*** TASK INPUT ***
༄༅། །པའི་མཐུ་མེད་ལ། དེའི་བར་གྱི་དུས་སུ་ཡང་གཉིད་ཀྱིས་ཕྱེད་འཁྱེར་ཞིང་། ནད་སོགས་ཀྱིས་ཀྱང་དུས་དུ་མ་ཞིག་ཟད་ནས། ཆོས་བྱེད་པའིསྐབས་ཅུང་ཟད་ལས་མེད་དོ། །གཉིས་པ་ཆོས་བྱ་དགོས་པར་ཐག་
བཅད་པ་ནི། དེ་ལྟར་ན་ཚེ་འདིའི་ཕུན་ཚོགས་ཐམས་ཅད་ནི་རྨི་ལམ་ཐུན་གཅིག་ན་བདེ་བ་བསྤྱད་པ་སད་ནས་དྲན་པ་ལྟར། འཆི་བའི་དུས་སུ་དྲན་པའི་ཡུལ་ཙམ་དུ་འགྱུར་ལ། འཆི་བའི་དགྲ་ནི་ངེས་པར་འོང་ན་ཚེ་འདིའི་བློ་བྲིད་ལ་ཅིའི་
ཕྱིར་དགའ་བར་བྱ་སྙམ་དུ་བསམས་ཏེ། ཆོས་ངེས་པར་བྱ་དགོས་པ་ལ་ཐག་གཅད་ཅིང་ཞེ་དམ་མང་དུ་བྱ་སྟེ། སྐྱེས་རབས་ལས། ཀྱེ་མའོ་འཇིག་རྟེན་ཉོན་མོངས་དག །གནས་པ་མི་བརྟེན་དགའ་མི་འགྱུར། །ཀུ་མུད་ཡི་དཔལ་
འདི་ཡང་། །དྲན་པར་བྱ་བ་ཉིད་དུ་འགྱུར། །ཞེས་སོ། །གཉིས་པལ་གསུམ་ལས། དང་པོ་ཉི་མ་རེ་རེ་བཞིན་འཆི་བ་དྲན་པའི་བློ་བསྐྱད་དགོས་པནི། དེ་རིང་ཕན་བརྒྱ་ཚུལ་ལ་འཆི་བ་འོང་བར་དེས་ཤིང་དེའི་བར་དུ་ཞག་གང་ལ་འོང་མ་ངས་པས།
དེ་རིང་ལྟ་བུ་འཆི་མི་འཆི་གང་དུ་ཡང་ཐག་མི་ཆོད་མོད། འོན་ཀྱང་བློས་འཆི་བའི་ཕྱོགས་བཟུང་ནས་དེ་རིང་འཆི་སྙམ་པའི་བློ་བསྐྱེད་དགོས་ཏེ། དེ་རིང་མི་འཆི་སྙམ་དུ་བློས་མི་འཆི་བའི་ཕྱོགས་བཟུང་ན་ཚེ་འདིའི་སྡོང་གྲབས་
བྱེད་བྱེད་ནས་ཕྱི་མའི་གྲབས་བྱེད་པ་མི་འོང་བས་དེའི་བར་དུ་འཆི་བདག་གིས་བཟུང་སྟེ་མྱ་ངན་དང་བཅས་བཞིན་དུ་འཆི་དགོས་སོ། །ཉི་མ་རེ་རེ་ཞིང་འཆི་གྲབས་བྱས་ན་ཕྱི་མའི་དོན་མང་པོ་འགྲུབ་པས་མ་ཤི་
*** End of TASK INPUT ***
EXERCISE |
What's needed is an exact copy of every entry.

ANSWER FOR THIS EXERCISE |
༄༅། །པའི་མཐུ་མེད་ལ། དེའི་བར་གྱི་དུས་སུ་ཡང་གཉིད་ཀྱིས་ཕྱེད་འཁྱེར་ཞིང་། ནད་སོགས་ཀྱིས་ཀྱང་དུས་དུ་མ་ཞིག་ཟད་ནས། ཆོས་བྱེད་པའིསྐབས་ཅུང་ཟད་ལས་མེད་དོ། །གཉིས་པ་ཆོས་བྱ་དགོས་པར་ཐག་
བཅད་པ་ནི། དེ་ལྟར་ན་ཚེ་འདིའི་ཕུན་ཚོགས་ཐམས་ཅད་ནི་རྨི་ལམ་ཐུན་གཅིག་ན་བདེ་བ་བསྤྱད་པ་སད་ནས་དྲན་པ་ལྟར། འཆི་བའི་དུས་སུ་དྲན་པའི་ཡུལ་ཙམ་དུ་འགྱུར་ལ། འཆི་བའི་དགྲ་ནི་ངེས་པར་འོང་ན་ཚེ་འདིའི་བློ་བྲིད་ལ་ཅིའི་
ཕྱིར་དགའ་བར་བྱ་སྙམ་དུ་བསམས་ཏེ། ཆོས་ངེས་པར་བྱ་དགོས་པ་ལ་ཐག་གཅད་ཅིང་ཞེ་དམ་མང་དུ་བྱ་སྟེ། སྐྱེས་རབས་ལས། ཀྱེ་མའོ་འཇིག་རྟེན་ཉོན་མོངས་དག །གནས་པ་མི་བརྟེན་དགའ་མི་འགྱུར། །ཀུ་མུད་ཡི་དཔལ་
འདི་ཡང་། །དྲན་པར་བྱ་བ་ཉིད་དུ་འགྱུར། །ཞེས་སོ། །གཉིས་པལ་གསུམ་ལས། དང་པོ་ཉི་མ་རེ་རེ་བཞིན་འཆི་བ་དྲན་པའི་བློ་བསྐྱད་དགོས་པནི། དེ་རིང་ཕན་བརྒྱ་ཚུལ་ལ་འཆི་བ་འོང་བར་དེས་ཤིང་དེའི་བར་དུ་ཞག་གང་ལ་འོང་མ་ངས་པས།
དེ་རིང་ལྟ་བུ་འཆི་མི་འཆི་གང་དུ་ཡང་ཐག་མི་ཆོད་མོད། འོན་ཀྱང་བློས་འཆི་བའི་ཕྱོགས་བཟུང་ནས་དེ་རིང་འཆི་སྙམ་པའི་བློ་བསྐྱེད་དགོས་ཏེ། དེ་རིང་མི་འཆི་སྙམ་དུ་བློས་མི་འཆི་བའི་ཕྱོགས་བཟུང་ན་ཚེ་འདིའི་སྡོང་གྲབས་
བྱེད་བྱེད་ནས་ཕྱི་མའི་གྲབས་བྱེད་པ་མི་འོང་བས་དེའི་བར་དུ་འཆི་བདག་གིས་བཟུང་སྟེ་མྱ་ངན་དང་བཅས་བཞིན་དུ་འཆི་དགོས་སོ། །ཉི་མ་རེ་རེ་ཞིང་འཆི་གྲབས་བྱས་ན་ཕྱི་མའི་དོན་མང་པོ་འགྲུབ་པས་མ་ཤི་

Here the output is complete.